Derin bir ızdırap içimde Apoyevmatini, şimdilerde Starbucks olan binanın girişindeki Rumca duvar yazısının kalıntıları önünden başımı önüme eğip geçerken düşünüyorum; Suriye Pasajının florasan ışığı ile aydınlanan o son gerçek yazıhanesinin kapısına kilidin vurulduğu gün, bir daha açılmamak üzere bir kilid vurulacak bu kentin tarihine. Çok değil 10 yıl kadar sonra bunun ne kadarı ile hesaplaşabileceğimizin iç muhasebesine soyunuyorum. Galiba, "ilk kez bitecek..." diyorum, kendi kendime. Derken bugün o en güzel habere uyandım! Bir vefa borcu için istanbul'a, şimdi lütfen, hadi! İnanın tek kelime Rumca okuyamam ben. Ne önemi var ki allah aşkına? Aşık olduğum Fransızca şarkılara çok iyi Fransızca bildiğimden mi aşık oldum sanki? Arapçaya olan hayranlığım, sırf o güzel kaligrafiden değil midir? Ve de her Ladino duyduğumda, salt Ladino mudur beni yerimden hoplatan? Ben bu dillerin de hiçbirisini bilmem, hiçte sorgulamadım "önemi var mı?" diye. Bence yok. Bu dillerin hiçbirisine de İstanbulca'dan daha yakın hissetmem. Alın onu. İzin verin girsin dükkanınıza, evinize, dursun sehpanın bir köşesinde. Bakın o mağrur sayfalarına, derin derin bakın. Size garanti ediyorum İstanbul'u okuyacaksınız, daha derinden bakın, haberleri okumaya başladığınızı farkedeceksiniz, hadi biraz daha derinden, tam işte orada bulacaksınız son yarım asırdır bu kente dair eksikliğini hissettiğiniz iç huzuru. İddia ediyorum hiçbir gazetenin okutamadığı alt metinleri okutacak size, kapınız her çalınıp içeriye girdiğinde "güvende" hissettirecek. Bu iyiliği yapın kendinize. Hem kendinize, hem Apoyevmatini'ye. İnanın Apoyevmatini, okunması en güzel gazete! Ben öyle okuyorum ki şu sıralar... Sular seller gibi. İlk kez buradan birşey rica ediyorum, katılın ne olur bana. Bakın öğrencisi genci artık abone. İzin verin, bizle yaşasın... Çok zor değil, yaşasın.

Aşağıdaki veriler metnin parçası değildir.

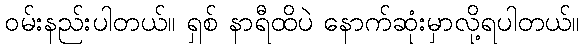
ဝမ်းနည်းပါတယ်။ ရှစ် နာရီထိပဲ နောက်ဆုံးမှာလို့ရပါတယ်။
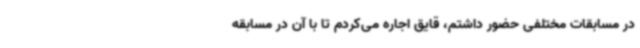
در مسابقات مختلفی حضور داشتم، قایق اجاره می‌کردم تا با آن در مسابقه
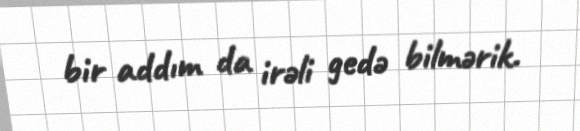
bir addım da irəli gedə bilmərik.
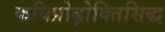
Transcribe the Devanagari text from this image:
कविप्रोढ़ोक्तिसिद्ध
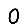
Digit: 0
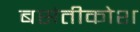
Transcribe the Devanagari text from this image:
बसंतीकोश
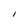
Character: l
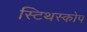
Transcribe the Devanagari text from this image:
स्टिथस्कोप
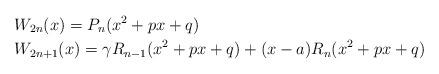
LaTeX: \begin{align*}&W_{2n}(x) = P_{n}(x^2+px+q)\\&W_{2n+1}(x) = \gamma R_{n-1}(x^2+px+q)+(x-a)R_{n}(x^2+px+q)\end{align*}
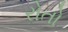
રોતો
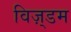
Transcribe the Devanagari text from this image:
विज़्डम
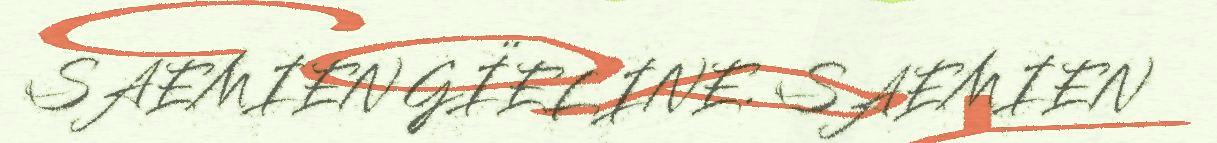
SAEMIEN GÏELINE. SAEMIEN
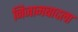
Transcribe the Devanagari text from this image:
निजामबादला
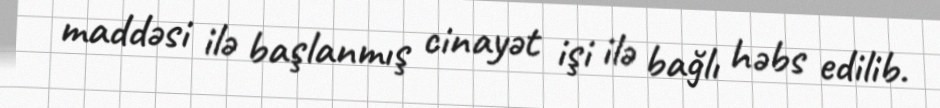
maddəsi ilə başlanmış cinayət işi ilə bağlı həbs edilib.
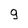
Character: g
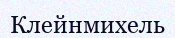
Клейнмихель
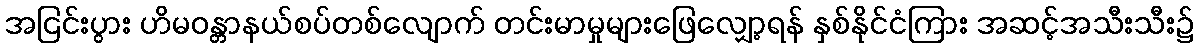
အငြင်းပွား ဟိမဝန္တာနယ်စပ်တစ်လျောက် တင်းမာမှုများဖြေလျှော့ရန် နှစ်နိုင်ငံကြား အဆင့်အသီးသီး၌
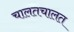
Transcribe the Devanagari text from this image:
चालतचालत
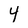
Character: 4
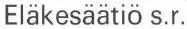
Eläkesäätiö s.r.
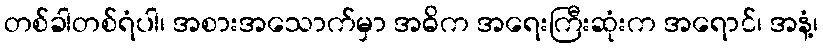
တစ်ခါတစ်ရံပါ၊ အစားအသောက်မှာ အဓိက အရေးကြီးဆုံးက အရောင်၊ အနံ့၊
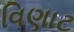
વિણાટ
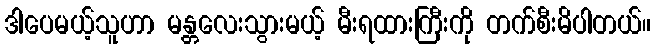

Gazete finans krizini geçici bir süre aştı. Vasiliadis, "Rumca bilmeyen insanlar abone oldu, omuzlarım bu yükü kaldırmıyor" diyor.
‘‘Yaşgünümüz olan 12 Temmuz’un yas günümüz olacağını düşünüyorduk ama galiba ertelendi bu.” Geçen hafta kapanacağı haberleriyle gündeme gelen Apoyevmatini gazetesinin Genel Yayın Yönetmeni Mihail Vasiliadis böyle diyor. Gazetenin kapanması 60’a yakın insanın abone olmasıyla ertelenmiş. Baskın Oran, Ayhan Aktar, Samim Akgönül’ün çağrısı, Bilgi Üniversitesi’nde başlatılan kampanya sayesinde değişen denge, ‘şimdilik’ bir çözüm üretiyor. Geride yine koca bir soru işareti.
Vasiliadis de, “Taşıma suyla değirmen nereye kadar yürür?” sorusunu sorup uzun vadede gazetenin yaşamasını sağlayacak çözümü öneriyor: “Esas çözüm Basın İlan Kurumu’nun negatif ayrımcılık nedeniyle bu duruma düşen bu gazeteye pozitif ayrımcılık uygulaması. Bizi 7-8 bin liralık ilan kurtarır. Her gün 200-300 liralık bir zarar oluşuyor. Zaten para almadan çalışıyorum; telefon, kiralar derken birikiyor. 1964’ten beri bu bardak doluyor. Yunanistan’da yaşanan kriz bizim yaşadığımız sorunun tek nedeni değil, yalnızca bardağı taşıran damla.”
Bu bir hafta Vasiliadis’i derinden etkilemiş. 1964’ten beri kan kaybeden gazetenin geldiği noktayı üzüntüyle anlatıyor: “İstanbul’da 610 Rum aile yaşıyor. Gazetenin tirajı 600. Hedef kitlemizin yüzde 100’üne ulaştık. Bu gazete 20’li, 30’lu yıllarda 30 bin tirajla Türkiye’nin en çok satan gazetesiydi. Yunanistan’dan mübadeleyle gelen halk da okuyordu. 64’ten sonra durum değişti. O zamanki sahibi ayakta tutabilmek için Atina’daki dairesini sattı.”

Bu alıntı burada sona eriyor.